Fed Master says recovery will be ‘slow’ and more economic support is needed


The Federal Reserve will have to support the economy because the recovery from the coronavirus pandemic “will be slow,” a top official at the central bank said Friday.

“There’s more pain we need to support the economy,” Loretta Mester, president of the Cleveland Fed, told CNBC’s Steve Liesman during an interview with Squawk Box. “As it stands, we will have to take our time to evaluate that, but I think accommodating monetary policy in this whole recovery will be very important.”

Earlier this year, the Fed cut rates to near zero as the coronavirus outbreak forced the U.S. economy to shut down. The central bank also launched an open endowment program for asset purchases, along with other measures, to support the economy during this period. On Thursday, Fed Chairman Jerome Powell proposed a framework for inflationary policies that would keep rates lower for longer.

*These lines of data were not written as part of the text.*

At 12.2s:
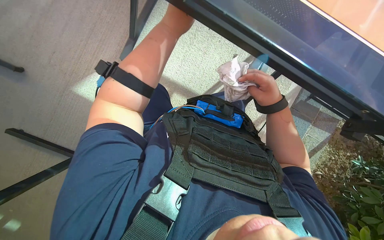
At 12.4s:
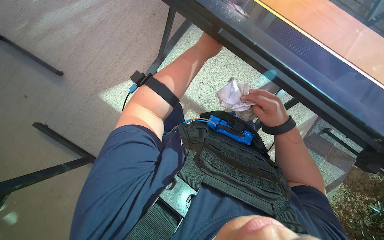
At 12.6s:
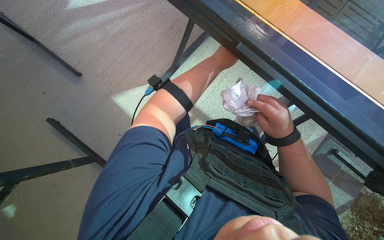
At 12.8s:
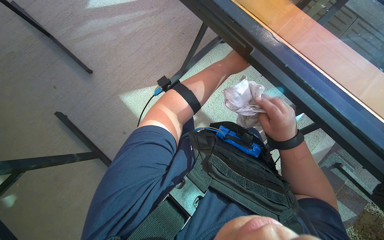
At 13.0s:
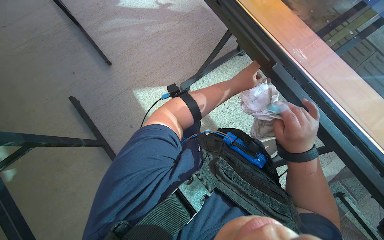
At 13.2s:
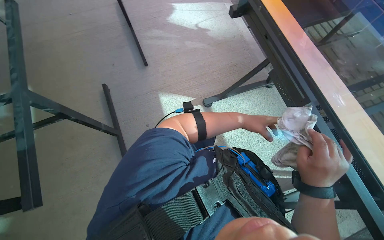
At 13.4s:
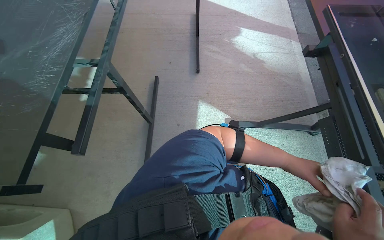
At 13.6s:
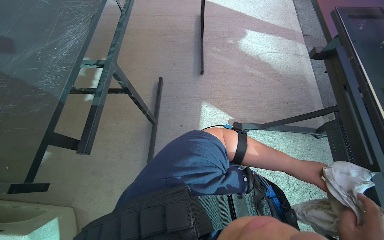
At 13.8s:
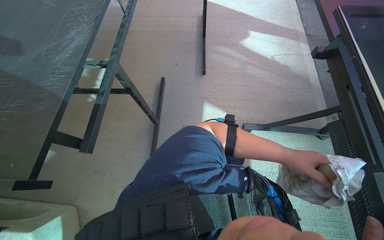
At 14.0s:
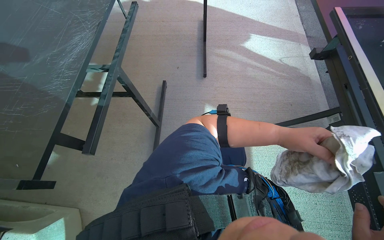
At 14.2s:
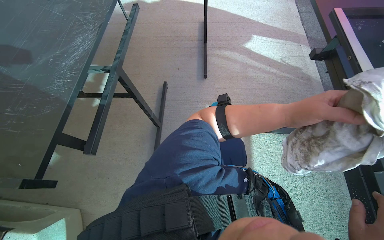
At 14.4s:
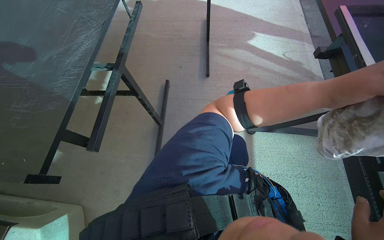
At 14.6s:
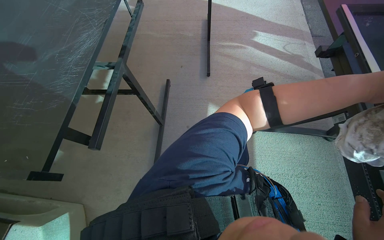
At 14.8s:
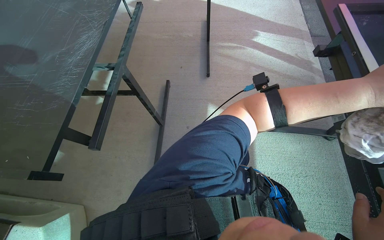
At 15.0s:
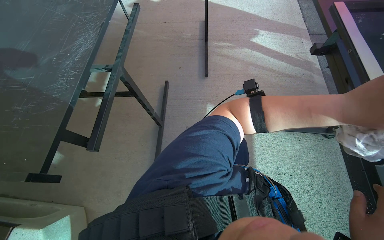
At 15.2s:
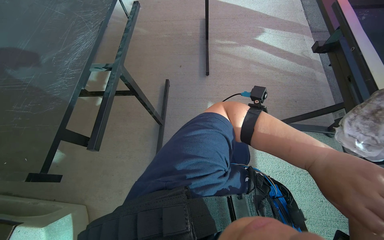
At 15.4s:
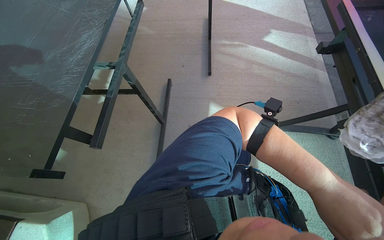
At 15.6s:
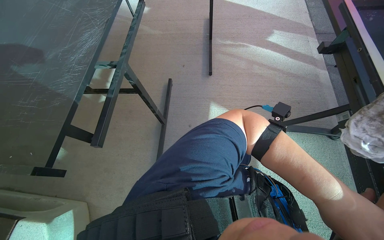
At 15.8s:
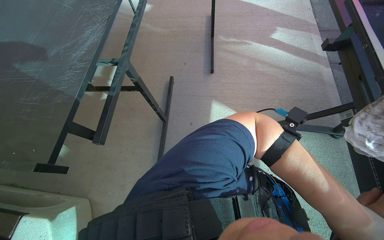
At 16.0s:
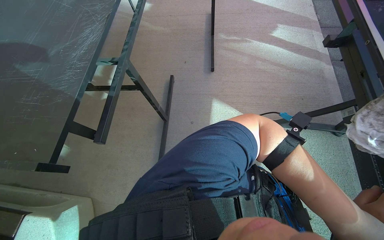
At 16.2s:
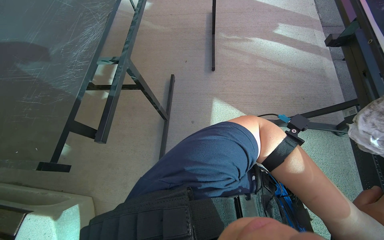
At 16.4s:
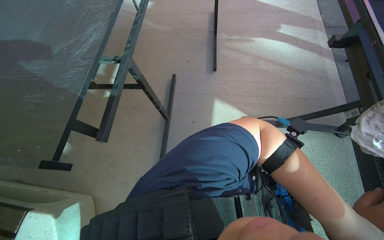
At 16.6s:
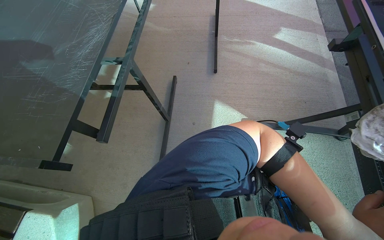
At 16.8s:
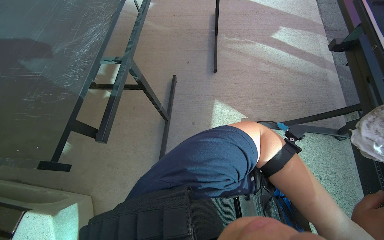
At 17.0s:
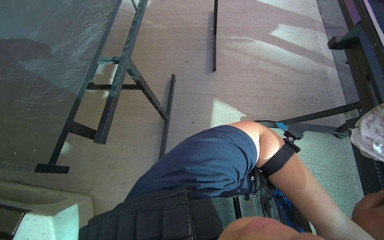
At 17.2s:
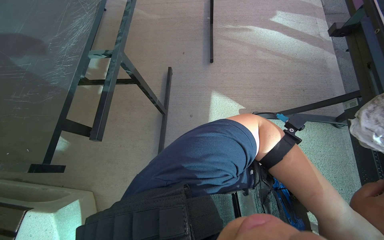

Mester pointed out that high-frequency data examined by the Fed show that economic activity has slowed slightly since the country began to open up.

“That is what you would expect. It will fit here and start,” Mester said. “It’s absolutely true that when the economy started to open up, you saw better data on hiring and you saw that activity increase. But I think the virus is kind of a driving force.”

Coronavirus cases in the U.S. have ballooned to more than 5.8 million, according to data from Johns Hopkins University. However, the number of new daily infections has recently tempered and has remained below 50,000 since mid-August.

“At least in our district, we’ve seen a temperament in hiring, and companies are evaluating the number of new hires they want to bring back on board because they don’t know what the outcome will be,” Mester said.